The task: Transcribe the records below exactly as they appear, omitting any pictures.

Collected data:
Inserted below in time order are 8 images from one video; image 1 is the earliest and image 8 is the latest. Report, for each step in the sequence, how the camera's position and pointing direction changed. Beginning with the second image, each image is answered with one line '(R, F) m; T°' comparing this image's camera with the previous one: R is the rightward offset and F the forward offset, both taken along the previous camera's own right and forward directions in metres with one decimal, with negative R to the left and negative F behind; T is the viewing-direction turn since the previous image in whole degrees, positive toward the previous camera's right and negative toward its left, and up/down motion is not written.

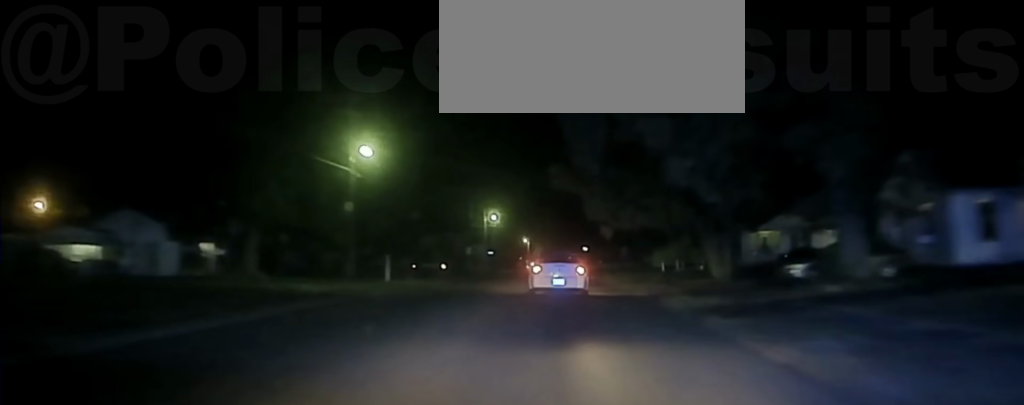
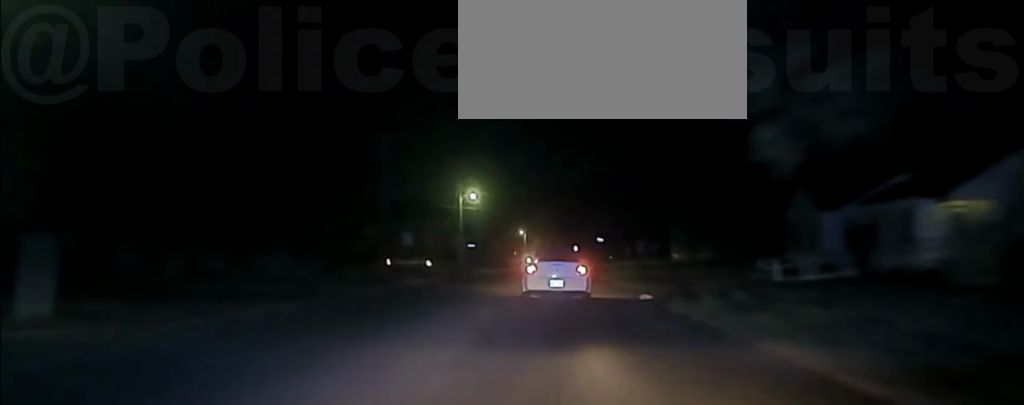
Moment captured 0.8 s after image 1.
(0.0, +32.9) m; 0°
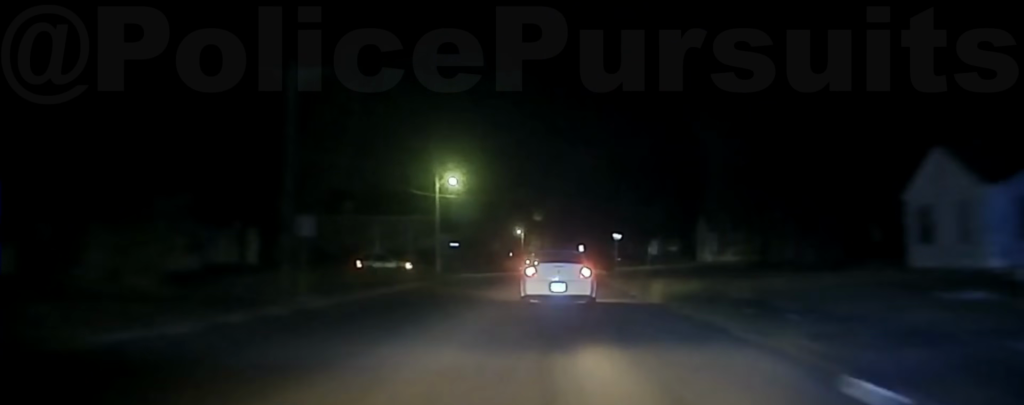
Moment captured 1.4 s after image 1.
(0.0, +22.4) m; 0°
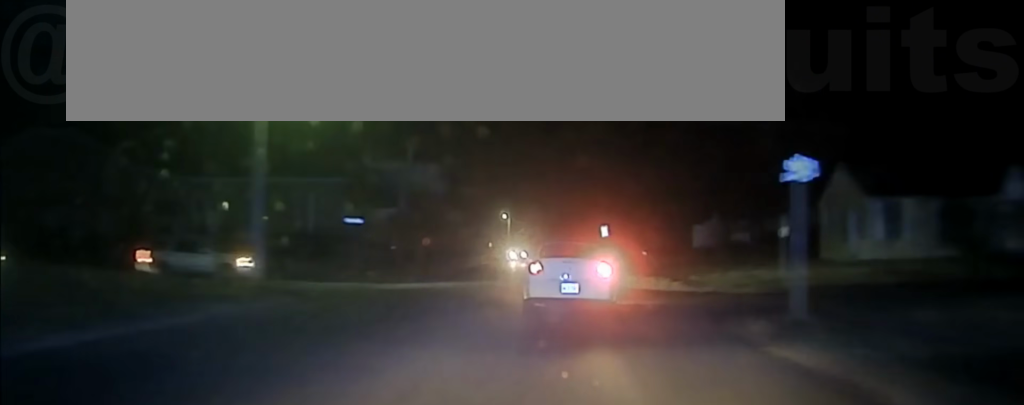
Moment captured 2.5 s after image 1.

Exercise answer:
Inserted below in time order are 8 images from one video; image 1 is the earliest and image 8 is the latest. Report, for each step in the sequence, how the camera's position and pointing direction changed. Beginning with the second image, each image is answered with one line '(R, F) m; T°' comparing this image's camera with the previous one: R is the rightward offset and F the forward offset, both taken along the previous camera's own right and forward directions in metres with one decimal, with negative R to the left and negative F behind; T is the viewing-direction turn since the previous image in whole degrees, positive toward the previous camera's right and negative toward its left, and up/down motion is not written.

Moment captured 0.8 s after image 1.
(0.0, +32.9) m; 0°
Moment captured 1.4 s after image 1.
(0.0, +22.4) m; 0°
Moment captured 2.5 s after image 1.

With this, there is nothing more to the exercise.